Problem to work on: Starting at the top line and ending at the bottom one, repeat the entries exactly and drop every picture.

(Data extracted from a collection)
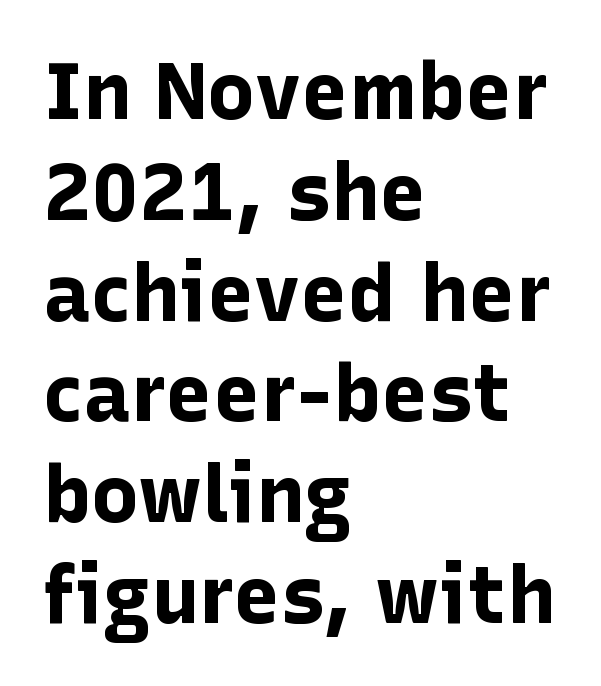
Q: Is the text bold? A: Yes.
Q: Is the text italic (slanted)? A: No, it is upright.
Q: Is the typeface a serif or a sans-serif typeface? A: Sans-serif.
Q: Is the text underlined? A: No.
Q: How is the paragraph aligned? A: Left-aligned.
Q: Is the spacing between letters normal or unusually wide? A: Normal.
Q: Is the spacing between lines tight, normal or loose? A: Normal.
Q: Width (condensed, normal, or wide)? A: Normal.
Q: Stroke contrast? A: Low.
Q: x-height? A: Medium.
Q: Monospaced? A: No.

Task solution:
Q: Is the text bold? A: Yes.
Q: Is the text italic (slanted)? A: No, it is upright.
Q: Is the typeface a serif or a sans-serif typeface? A: Sans-serif.
Q: Is the text underlined? A: No.
Q: How is the paragraph aligned? A: Left-aligned.
Q: Is the spacing between letters normal or unusually wide? A: Normal.
Q: Is the spacing between lines tight, normal or loose? A: Normal.
Q: Width (condensed, normal, or wide)? A: Normal.
Q: Stroke contrast? A: Low.
Q: x-height? A: Medium.
Q: Monospaced? A: No.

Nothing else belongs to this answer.